(Information shown begins)

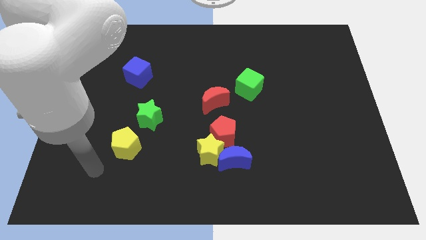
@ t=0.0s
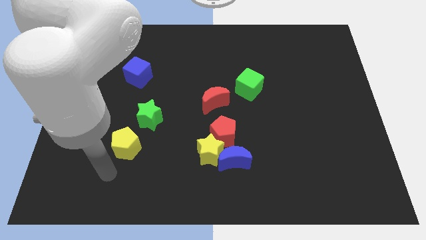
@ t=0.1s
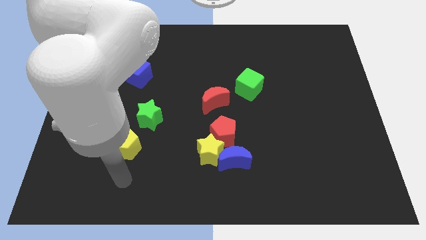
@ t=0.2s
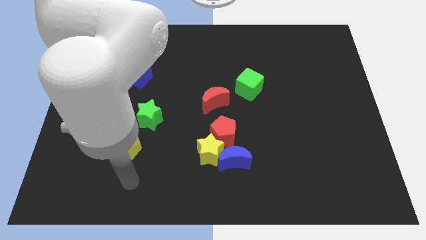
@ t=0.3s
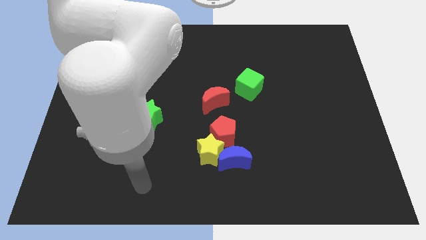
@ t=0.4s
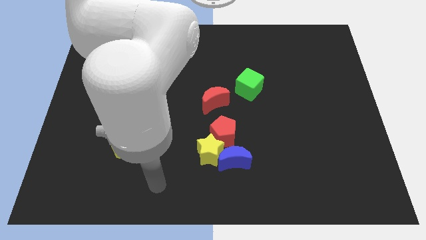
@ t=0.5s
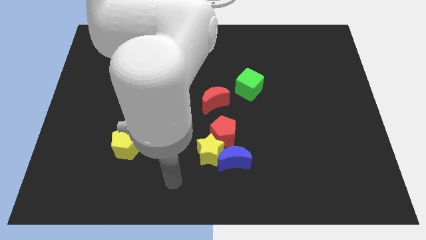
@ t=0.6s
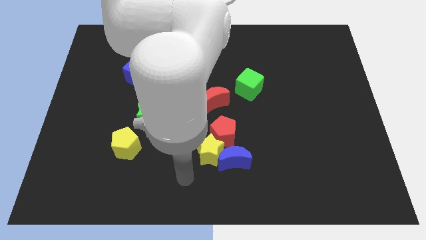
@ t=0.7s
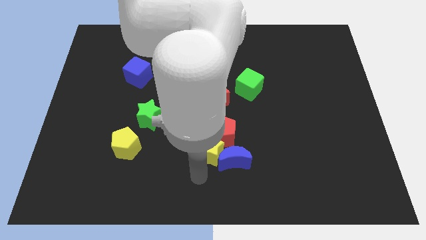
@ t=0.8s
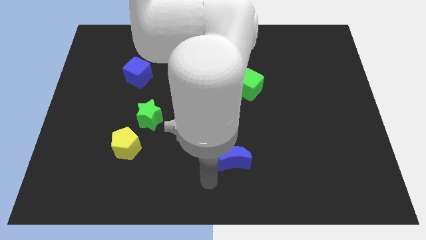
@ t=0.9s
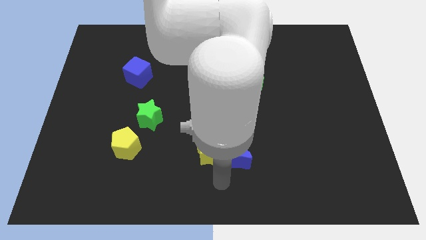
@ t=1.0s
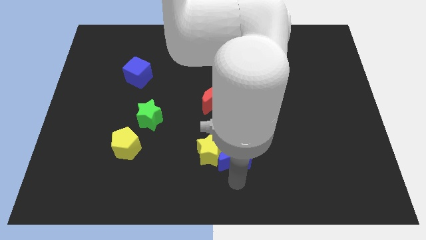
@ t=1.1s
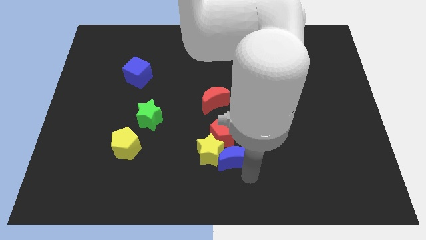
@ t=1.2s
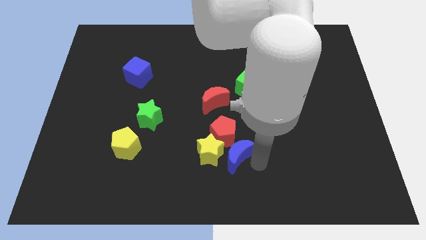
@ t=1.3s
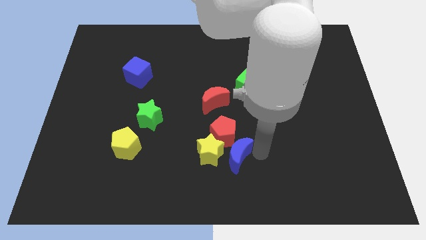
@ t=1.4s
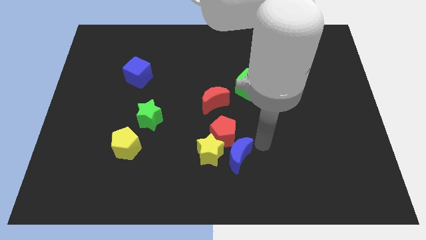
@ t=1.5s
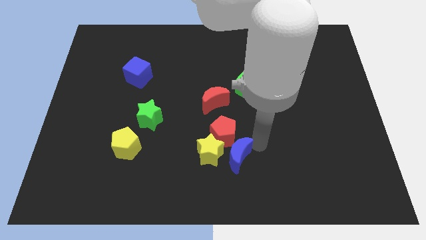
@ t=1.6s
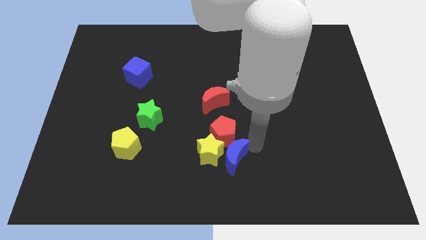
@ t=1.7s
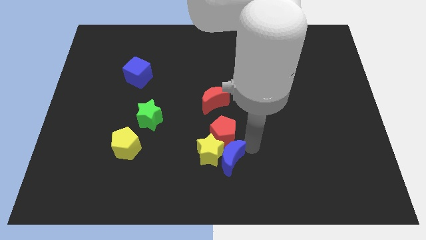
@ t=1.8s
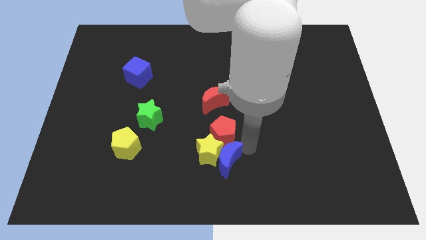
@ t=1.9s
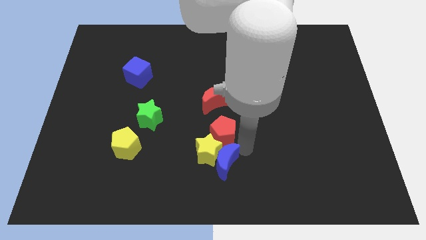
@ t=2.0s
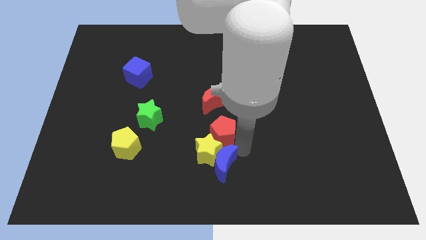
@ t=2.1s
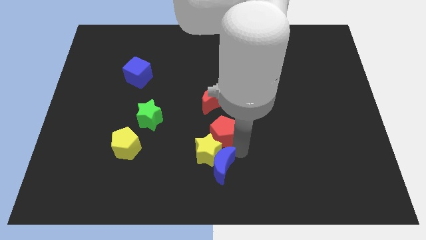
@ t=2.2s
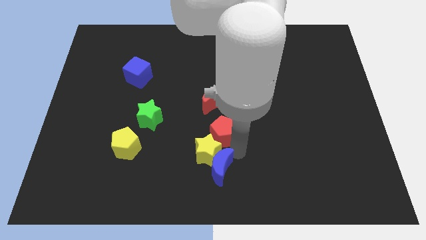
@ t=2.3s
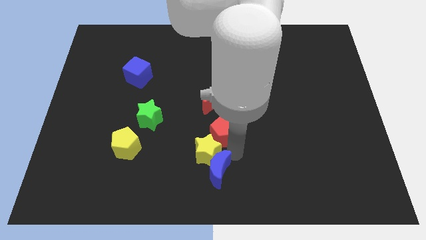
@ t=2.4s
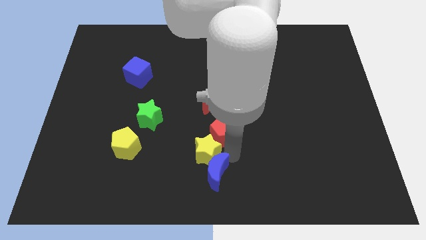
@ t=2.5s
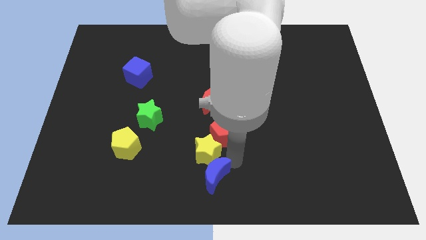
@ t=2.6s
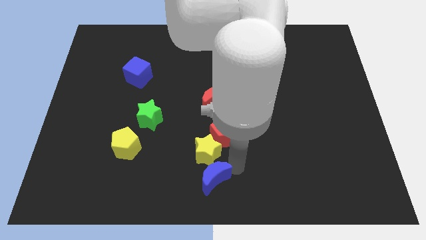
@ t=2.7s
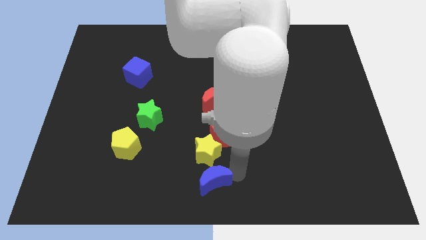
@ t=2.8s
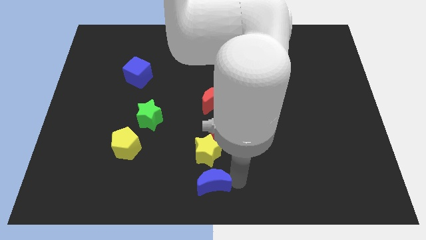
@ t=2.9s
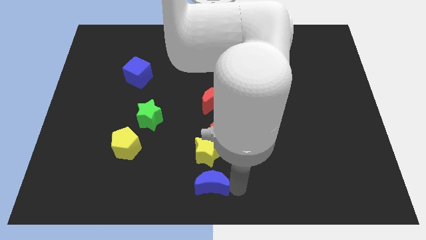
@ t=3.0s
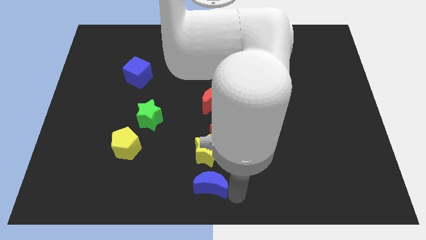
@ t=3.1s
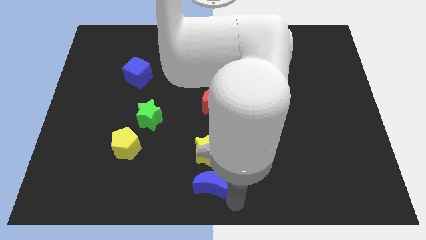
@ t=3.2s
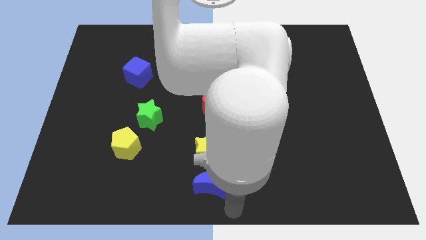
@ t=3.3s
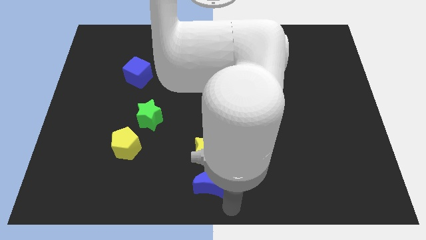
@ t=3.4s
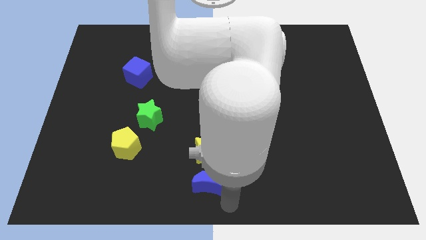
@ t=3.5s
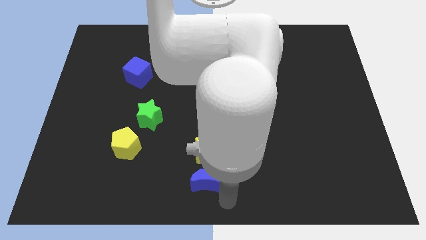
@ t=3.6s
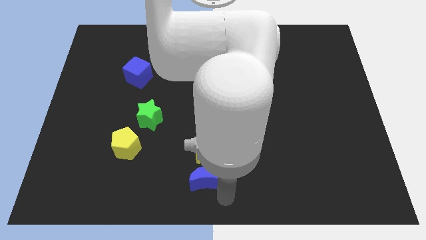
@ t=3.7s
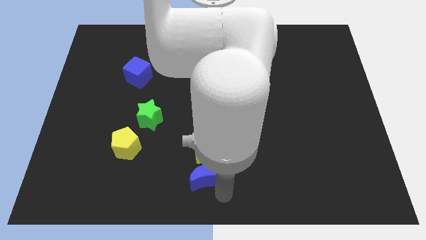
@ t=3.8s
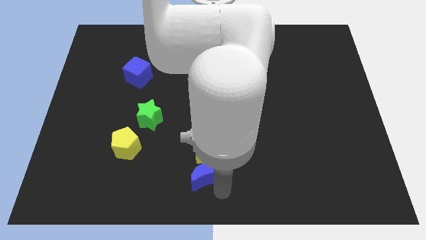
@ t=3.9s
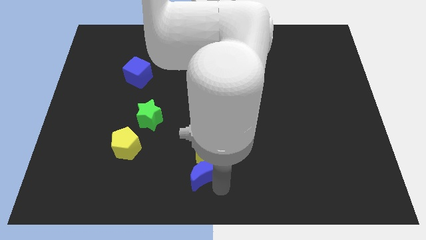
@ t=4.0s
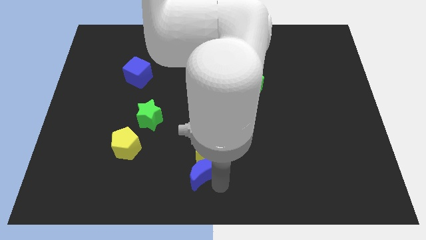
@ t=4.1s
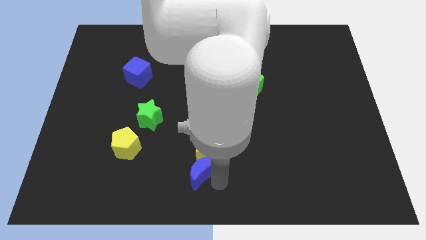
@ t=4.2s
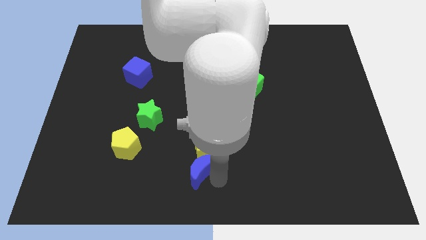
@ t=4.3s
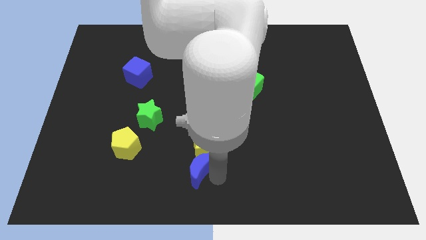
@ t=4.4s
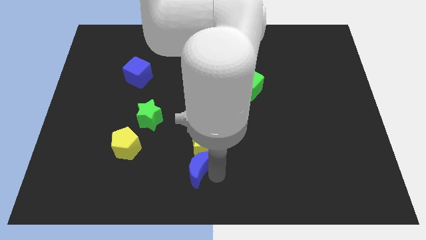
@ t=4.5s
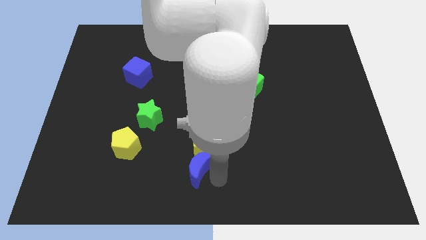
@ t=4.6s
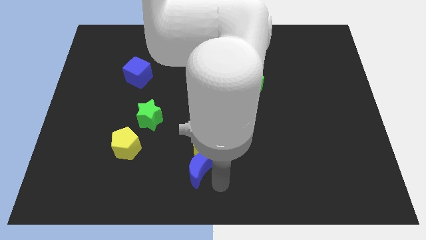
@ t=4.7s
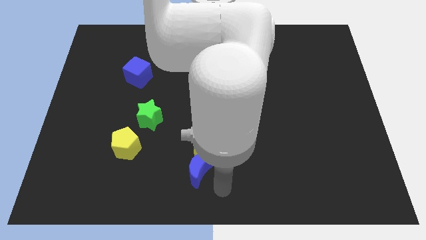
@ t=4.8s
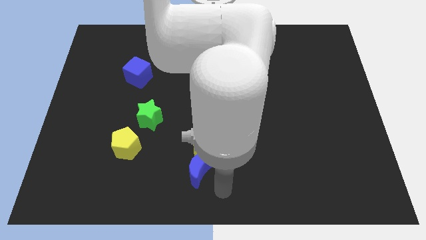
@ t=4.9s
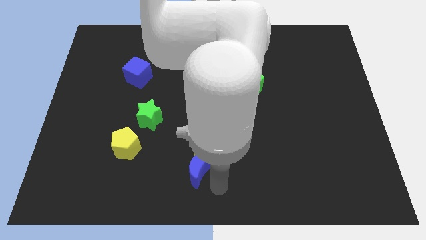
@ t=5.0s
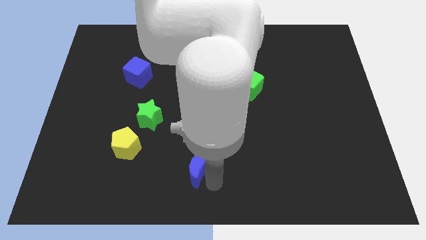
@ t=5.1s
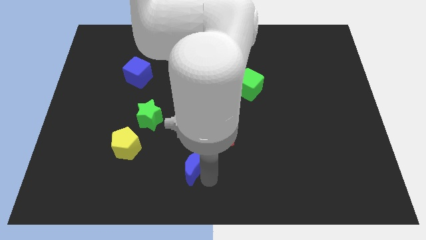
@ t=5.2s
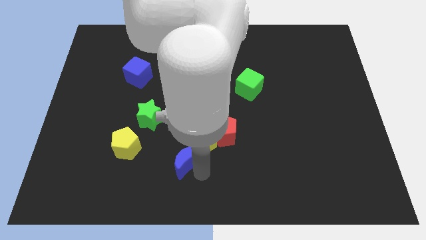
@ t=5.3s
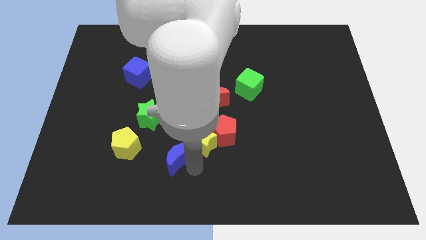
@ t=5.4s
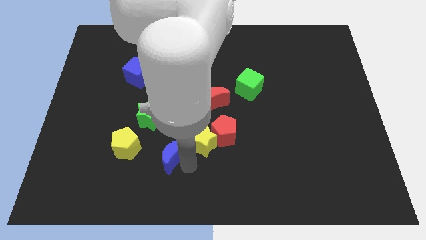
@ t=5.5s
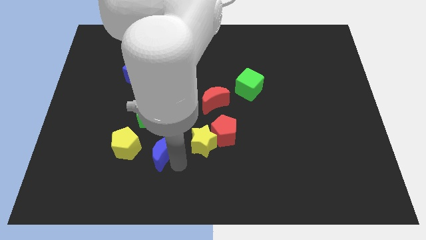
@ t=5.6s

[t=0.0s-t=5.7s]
slide the blue moon a little bit upwards and left

(Information shown ends)

[Prompt]:
Restate the data word for word while omitting each picture.

[Result below]:
@ t=0.0s
@ t=0.1s
@ t=0.2s
@ t=0.3s
@ t=0.4s
@ t=0.5s
@ t=0.6s
@ t=0.7s
@ t=0.8s
@ t=0.9s
@ t=1.0s
@ t=1.1s
@ t=1.2s
@ t=1.3s
@ t=1.4s
@ t=1.5s
@ t=1.6s
@ t=1.7s
@ t=1.8s
@ t=1.9s
@ t=2.0s
@ t=2.1s
@ t=2.2s
@ t=2.3s
@ t=2.4s
@ t=2.5s
@ t=2.6s
@ t=2.7s
@ t=2.8s
@ t=2.9s
@ t=3.0s
@ t=3.1s
@ t=3.2s
@ t=3.3s
@ t=3.4s
@ t=3.5s
@ t=3.6s
@ t=3.7s
@ t=3.8s
@ t=3.9s
@ t=4.0s
@ t=4.1s
@ t=4.2s
@ t=4.3s
@ t=4.4s
@ t=4.5s
@ t=4.6s
@ t=4.7s
@ t=4.8s
@ t=4.9s
@ t=5.0s
@ t=5.1s
@ t=5.2s
@ t=5.3s
@ t=5.4s
@ t=5.5s
@ t=5.6s

[t=0.0s-t=5.7s]
slide the blue moon a little bit upwards and left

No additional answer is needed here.